● Work to be completed
Go through the records and restate them word for word, omitting images.

● Information shown
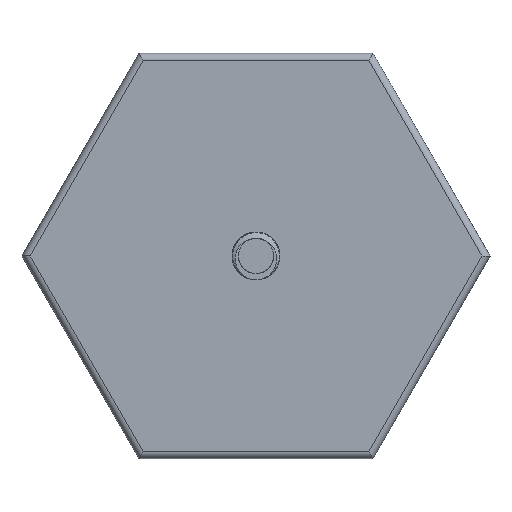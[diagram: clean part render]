
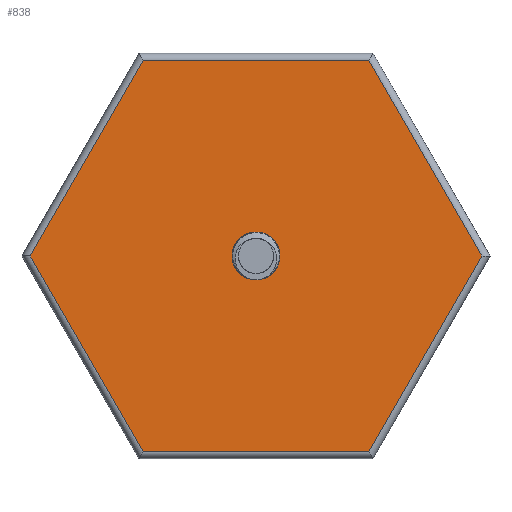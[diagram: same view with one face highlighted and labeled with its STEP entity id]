
A CAD part, front view. The second image highlights one B-rep face of the part: STEP entity #838.
In plain terms, the highlighted planar face has unit normal (0, -1, 0).
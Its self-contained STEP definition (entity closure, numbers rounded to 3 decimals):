
#53=FACE_BOUND('',#159,.T.);
#74=PLANE('',#922);
#106=FACE_OUTER_BOUND('',#158,.T.);
#158=EDGE_LOOP('',(#601,#602,#603,#604,#605,#606));
#159=EDGE_LOOP('',(#607));
#206=LINE('',#1189,#280);
#207=LINE('',#1194,#281);
#209=LINE('',#1202,#283);
#212=LINE('',#1210,#286);
#214=LINE('',#1214,#288);
#216=LINE('',#1217,#290);
#280=VECTOR('',#984,10.);
#281=VECTOR('',#989,10.);
#283=VECTOR('',#997,10.);
#286=VECTOR('',#1004,10.);
#288=VECTOR('',#1010,10.);
#290=VECTOR('',#1014,10.);
#352=CIRCLE('',#904,2.922);
#359=VERTEX_POINT('',#1176);
#363=VERTEX_POINT('',#1186);
#364=VERTEX_POINT('',#1188);
#365=VERTEX_POINT('',#1192);
#366=VERTEX_POINT('',#1193);
#369=VERTEX_POINT('',#1201);
#372=VERTEX_POINT('',#1209);
#437=EDGE_CURVE('',#359,#359,#352,.T.);
#442=EDGE_CURVE('',#363,#364,#206,.T.);
#444=EDGE_CURVE('',#365,#366,#207,.T.);
#448=EDGE_CURVE('',#366,#369,#209,.T.);
#452=EDGE_CURVE('',#369,#372,#212,.T.);
#455=EDGE_CURVE('',#372,#363,#214,.T.);
#457=EDGE_CURVE('',#364,#365,#216,.T.);
#601=ORIENTED_EDGE('',*,*,#444,.F.);
#602=ORIENTED_EDGE('',*,*,#457,.F.);
#603=ORIENTED_EDGE('',*,*,#442,.F.);
#604=ORIENTED_EDGE('',*,*,#455,.F.);
#605=ORIENTED_EDGE('',*,*,#452,.F.);
#606=ORIENTED_EDGE('',*,*,#448,.F.);
#607=ORIENTED_EDGE('',*,*,#437,.F.);
#838=ADVANCED_FACE('',(#106,#53),#74,.F.);
#904=AXIS2_PLACEMENT_3D('',#1177,#972,#973);
#922=AXIS2_PLACEMENT_3D('',#1232,#1028,#1029);
#972=DIRECTION('center_axis',(0.,-1.,0.));
#973=DIRECTION('ref_axis',(1.,0.,0.));
#984=DIRECTION('',(0.5,0.,0.866));
#989=DIRECTION('',(0.5,0.,-0.866));
#997=DIRECTION('',(-0.5,0.,-0.866));
#1004=DIRECTION('',(-1.,0.,0.));
#1010=DIRECTION('',(-0.5,0.,0.866));
#1014=DIRECTION('',(1.,0.,0.));
#1028=DIRECTION('center_axis',(0.,1.,0.));
#1029=DIRECTION('ref_axis',(0.,0.,1.));
#1176=CARTESIAN_POINT('',(0.,0.,-2.922));
#1177=CARTESIAN_POINT('Origin',(0.,0.,0.));
#1186=CARTESIAN_POINT('',(-37.586,0.,0.));
#1188=CARTESIAN_POINT('',(-18.793,0.,32.551));
#1189=CARTESIAN_POINT('',(-33.061,0.,7.838));
#1192=CARTESIAN_POINT('',(18.793,0.,32.551));
#1193=CARTESIAN_POINT('',(37.586,0.,0.));
#1194=CARTESIAN_POINT('',(23.318,0.,24.713));
#1201=CARTESIAN_POINT('',(18.793,0.,-32.551));
#1202=CARTESIAN_POINT('',(33.061,0.,-7.838));
#1209=CARTESIAN_POINT('',(-18.793,0.,-32.551));
#1210=CARTESIAN_POINT('',(9.743,0.,-32.551));
#1214=CARTESIAN_POINT('',(-23.318,0.,-24.713));
#1217=CARTESIAN_POINT('',(-9.743,0.,32.551));
#1232=CARTESIAN_POINT('Origin',(0.,0.,0.));

● Response to the task
[diagram: clean part render]
[diagram: same view with one face highlighted and labeled with its STEP entity id]
A CAD part, front view. The second image highlights one B-rep face of the part: STEP entity #838.
In plain terms, the highlighted planar face has unit normal (0, -1, 0).
Its self-contained STEP definition (entity closure, numbers rounded to 3 decimals):
#53=FACE_BOUND('',#159,.T.);
#74=PLANE('',#922);
#106=FACE_OUTER_BOUND('',#158,.T.);
#158=EDGE_LOOP('',(#601,#602,#603,#604,#605,#606));
#159=EDGE_LOOP('',(#607));
#206=LINE('',#1189,#280);
#207=LINE('',#1194,#281);
#209=LINE('',#1202,#283);
#212=LINE('',#1210,#286);
#214=LINE('',#1214,#288);
#216=LINE('',#1217,#290);
#280=VECTOR('',#984,10.);
#281=VECTOR('',#989,10.);
#283=VECTOR('',#997,10.);
#286=VECTOR('',#1004,10.);
#288=VECTOR('',#1010,10.);
#290=VECTOR('',#1014,10.);
#352=CIRCLE('',#904,2.922);
#359=VERTEX_POINT('',#1176);
#363=VERTEX_POINT('',#1186);
#364=VERTEX_POINT('',#1188);
#365=VERTEX_POINT('',#1192);
#366=VERTEX_POINT('',#1193);
#369=VERTEX_POINT('',#1201);
#372=VERTEX_POINT('',#1209);
#437=EDGE_CURVE('',#359,#359,#352,.T.);
#442=EDGE_CURVE('',#363,#364,#206,.T.);
#444=EDGE_CURVE('',#365,#366,#207,.T.);
#448=EDGE_CURVE('',#366,#369,#209,.T.);
#452=EDGE_CURVE('',#369,#372,#212,.T.);
#455=EDGE_CURVE('',#372,#363,#214,.T.);
#457=EDGE_CURVE('',#364,#365,#216,.T.);
#601=ORIENTED_EDGE('',*,*,#444,.F.);
#602=ORIENTED_EDGE('',*,*,#457,.F.);
#603=ORIENTED_EDGE('',*,*,#442,.F.);
#604=ORIENTED_EDGE('',*,*,#455,.F.);
#605=ORIENTED_EDGE('',*,*,#452,.F.);
#606=ORIENTED_EDGE('',*,*,#448,.F.);
#607=ORIENTED_EDGE('',*,*,#437,.F.);
#838=ADVANCED_FACE('',(#106,#53),#74,.F.);
#904=AXIS2_PLACEMENT_3D('',#1177,#972,#973);
#922=AXIS2_PLACEMENT_3D('',#1232,#1028,#1029);
#972=DIRECTION('center_axis',(0.,-1.,0.));
#973=DIRECTION('ref_axis',(1.,0.,0.));
#984=DIRECTION('',(0.5,0.,0.866));
#989=DIRECTION('',(0.5,0.,-0.866));
#997=DIRECTION('',(-0.5,0.,-0.866));
#1004=DIRECTION('',(-1.,0.,0.));
#1010=DIRECTION('',(-0.5,0.,0.866));
#1014=DIRECTION('',(1.,0.,0.));
#1028=DIRECTION('center_axis',(0.,1.,0.));
#1029=DIRECTION('ref_axis',(0.,0.,1.));
#1176=CARTESIAN_POINT('',(0.,0.,-2.922));
#1177=CARTESIAN_POINT('Origin',(0.,0.,0.));
#1186=CARTESIAN_POINT('',(-37.586,0.,0.));
#1188=CARTESIAN_POINT('',(-18.793,0.,32.551));
#1189=CARTESIAN_POINT('',(-33.061,0.,7.838));
#1192=CARTESIAN_POINT('',(18.793,0.,32.551));
#1193=CARTESIAN_POINT('',(37.586,0.,0.));
#1194=CARTESIAN_POINT('',(23.318,0.,24.713));
#1201=CARTESIAN_POINT('',(18.793,0.,-32.551));
#1202=CARTESIAN_POINT('',(33.061,0.,-7.838));
#1209=CARTESIAN_POINT('',(-18.793,0.,-32.551));
#1210=CARTESIAN_POINT('',(9.743,0.,-32.551));
#1214=CARTESIAN_POINT('',(-23.318,0.,-24.713));
#1217=CARTESIAN_POINT('',(-9.743,0.,32.551));
#1232=CARTESIAN_POINT('Origin',(0.,0.,0.));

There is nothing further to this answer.